**** RECORD EXTRACTS ****

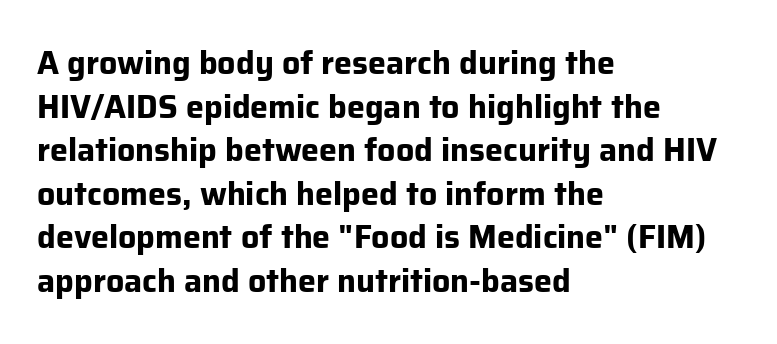
Q: Is the text bold? A: Yes.
Q: Is the text italic (slanted)? A: No, it is upright.
Q: Is the typeface a serif or a sans-serif typeface? A: Sans-serif.
Q: Is the text underlined? A: No.
Q: How is the paragraph aligned? A: Left-aligned.
Q: Is the spacing between letters normal or unusually wide? A: Normal.
Q: Is the spacing between lines tight, normal or loose? A: Normal.
Q: Width (condensed, normal, or wide)? A: Normal.
Q: Stroke contrast? A: Low.
Q: x-height? A: Medium.
Q: Monospaced? A: No.
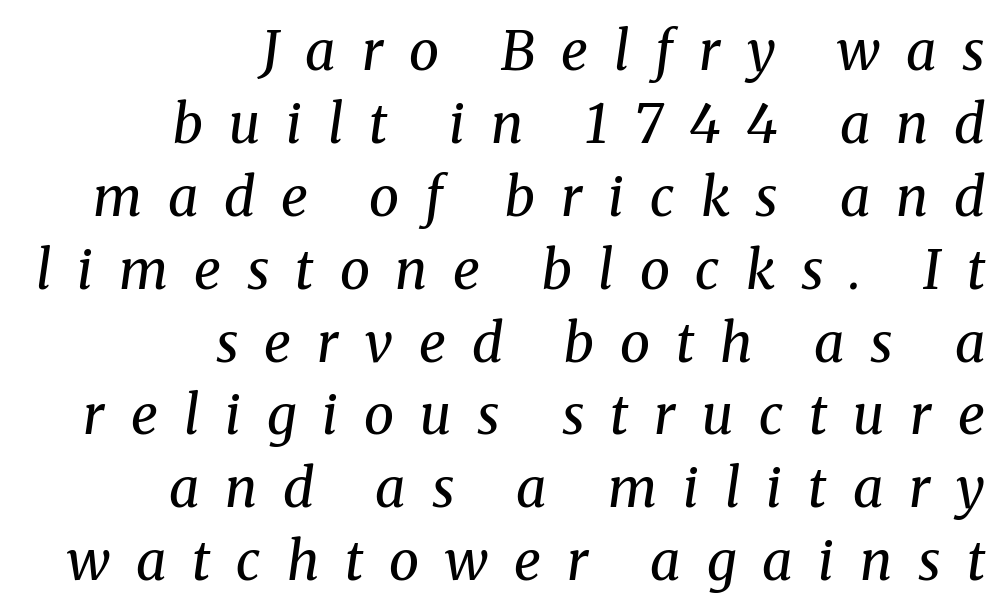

****

A complete answer lists each line of the data that holds the word "spacing".

Q: Is the spacing between letters normal or unusually wide? A: Normal.
Q: Is the spacing between lines tight, normal or loose? A: Normal.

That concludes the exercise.